The Not-So-Golden American Goldfinch

Winter is a great time to get into bird watching and bird feeding. You can spend time exploring new places to hunt down that elusive owl or you can put up a bird feeder in your yard and let the birds come to you.

A goldfinch. (Photo via Shutterstock)

One of our common backyard birds is the American goldfinch. American goldfinches live in Illinois all year round. Identifying them is relatively easy, but you do need to think about the season. Goldfinches don’t follow all the rules. They have some interesting quirks that set them apart from our other local birds.


Coloring outside the lines


Even if you aren’t a bird enthusiast, I bet you can picture what goldfinches should look like based on their name. If you think they are gold, you are right, but only for half the year. In the spring and summer, male goldfinches are bright yellow with contrasting black, making them stand out and impress the ladies. They also have a black on their heads, making them look like they are wearing a black baseball hat. Female goldfinches lack that black cap and are overall a duller yellow and olive color.

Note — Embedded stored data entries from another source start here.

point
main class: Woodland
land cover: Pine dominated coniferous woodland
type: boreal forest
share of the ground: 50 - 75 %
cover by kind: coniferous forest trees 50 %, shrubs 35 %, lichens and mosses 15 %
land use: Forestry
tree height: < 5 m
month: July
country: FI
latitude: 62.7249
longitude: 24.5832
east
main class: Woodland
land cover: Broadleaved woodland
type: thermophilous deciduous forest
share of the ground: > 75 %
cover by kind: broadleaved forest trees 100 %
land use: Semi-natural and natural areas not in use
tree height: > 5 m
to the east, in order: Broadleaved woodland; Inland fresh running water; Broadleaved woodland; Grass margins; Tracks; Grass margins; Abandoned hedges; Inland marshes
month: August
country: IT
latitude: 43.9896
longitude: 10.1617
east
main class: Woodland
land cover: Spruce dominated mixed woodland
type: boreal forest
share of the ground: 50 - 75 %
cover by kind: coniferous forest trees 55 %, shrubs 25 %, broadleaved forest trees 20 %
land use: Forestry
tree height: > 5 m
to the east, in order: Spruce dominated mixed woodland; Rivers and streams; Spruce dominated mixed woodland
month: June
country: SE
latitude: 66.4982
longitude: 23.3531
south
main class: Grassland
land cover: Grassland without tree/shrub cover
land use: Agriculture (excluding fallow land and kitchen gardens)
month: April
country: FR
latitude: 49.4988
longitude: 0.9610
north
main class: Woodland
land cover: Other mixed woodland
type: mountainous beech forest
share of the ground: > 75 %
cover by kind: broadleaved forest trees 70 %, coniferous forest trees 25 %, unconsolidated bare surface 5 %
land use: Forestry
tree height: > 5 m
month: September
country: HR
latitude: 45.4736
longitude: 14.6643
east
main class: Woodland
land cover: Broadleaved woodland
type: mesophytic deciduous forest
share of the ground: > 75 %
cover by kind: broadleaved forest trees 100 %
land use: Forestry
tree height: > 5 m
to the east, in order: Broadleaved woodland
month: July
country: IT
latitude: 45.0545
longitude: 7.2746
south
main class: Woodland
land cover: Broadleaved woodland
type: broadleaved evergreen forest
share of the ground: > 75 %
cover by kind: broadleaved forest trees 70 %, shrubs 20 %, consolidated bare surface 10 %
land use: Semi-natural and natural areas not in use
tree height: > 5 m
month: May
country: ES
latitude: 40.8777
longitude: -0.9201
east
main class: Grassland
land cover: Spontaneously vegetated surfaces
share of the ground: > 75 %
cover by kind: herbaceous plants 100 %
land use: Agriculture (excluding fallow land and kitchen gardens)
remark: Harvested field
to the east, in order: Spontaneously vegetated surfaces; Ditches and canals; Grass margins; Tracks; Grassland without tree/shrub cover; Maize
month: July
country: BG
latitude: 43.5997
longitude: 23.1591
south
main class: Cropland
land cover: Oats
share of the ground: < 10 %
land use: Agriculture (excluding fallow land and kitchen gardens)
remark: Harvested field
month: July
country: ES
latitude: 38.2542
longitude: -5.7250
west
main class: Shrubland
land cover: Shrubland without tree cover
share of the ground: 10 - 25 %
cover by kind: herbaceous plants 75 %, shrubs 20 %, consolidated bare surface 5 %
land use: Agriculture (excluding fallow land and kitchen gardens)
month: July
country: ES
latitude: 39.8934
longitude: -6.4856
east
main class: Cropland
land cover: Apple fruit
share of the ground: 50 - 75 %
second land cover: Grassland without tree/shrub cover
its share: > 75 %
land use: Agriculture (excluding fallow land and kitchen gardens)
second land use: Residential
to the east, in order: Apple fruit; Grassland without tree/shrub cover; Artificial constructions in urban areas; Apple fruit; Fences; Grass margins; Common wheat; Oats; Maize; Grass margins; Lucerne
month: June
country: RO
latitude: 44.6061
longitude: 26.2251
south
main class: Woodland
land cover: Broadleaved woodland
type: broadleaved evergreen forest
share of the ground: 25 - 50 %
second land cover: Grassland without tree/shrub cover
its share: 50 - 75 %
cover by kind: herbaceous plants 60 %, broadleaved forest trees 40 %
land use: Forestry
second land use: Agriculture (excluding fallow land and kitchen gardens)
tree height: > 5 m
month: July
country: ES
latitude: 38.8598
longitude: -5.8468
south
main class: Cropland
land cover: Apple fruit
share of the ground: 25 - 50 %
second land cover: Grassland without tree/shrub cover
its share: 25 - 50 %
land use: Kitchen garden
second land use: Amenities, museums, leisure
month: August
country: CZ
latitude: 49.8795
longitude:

Unfortunately, that bright gold color doesn’t last forever. They are the only finch that molts twice a year. Come fall, the males shed their bright gold and go for a duller color in the winter. Even the females become paler in the winter. Even though they have lost their color, they do have fresh feathers to keep them warm all winter long. In late winter, they will molt again, ready to shine bright. Seeing gold-colored male goldfinches is a good sign that spring is on its way!


Roller coaster junkies


These birds have a unique flight pattern, making them recognizable as they fly by. They dip up and down like they are riding big hills on a roller coaster. They don’t keep quiet about their wild ride either. Overall, they have six different calls. The most iconic call sounds like they say “po-ta-to-chip!” Paired up male and female goldfinches are known to make identical flight calls. Take a listen.


Strict diets


American goldfinches take the vegetarian lifestyle very seriously. They are granivores, meaning they eat mainly seeds. A great way to attract goldfinches to your yard is planting their favorite flowers.


Plants in the Asteracease family will do the trick. This family includes sunflowers, thistles and asters. Make sure you plant native species for best results. If you are filling a feeder, they prefer nyjer seeds and black oil sunflower seeds.


Late bloomers


American goldfinches are one of the last birds to breed each year. They nest in summer instead of the beginning of spring. This is all tied to their favorite plants. By July, milkweed and thistles are producing seeds. They need those seeds to feed their young. The fluffy plant down from the seeds also helps create the perfect nests. The female builds a cup-shaped nest using plant fibers, spiderwebs and the plant down made by the seeds.


Become a bird nerd


Now that you know about their changing colors, you won’t be fooled by the duller American goldfinches in the winter. Attract finch friends to your own yard by putting up a feeder.

Goldfinches at a feeder. (Photo via Shutterstock)

No yard? No problem! Visit our feeders! Monee Reservoir, Plum Creek Nature Center, Isle a la Cache and Four Rivers Environmental Education Center all have bird-feeding areas that will give you a good view of these unique finches. During the winter, each facility will have interactive signs guiding you on how to identify the birds you see. Plus you can scan the posted QR code to start a list to record your observations.


The feeding stations are part of the Forest Preserve District's bird feeding and watching initiative featuring interpretive signs, QR codes and roving naturalists who will educate visitors about all things birds.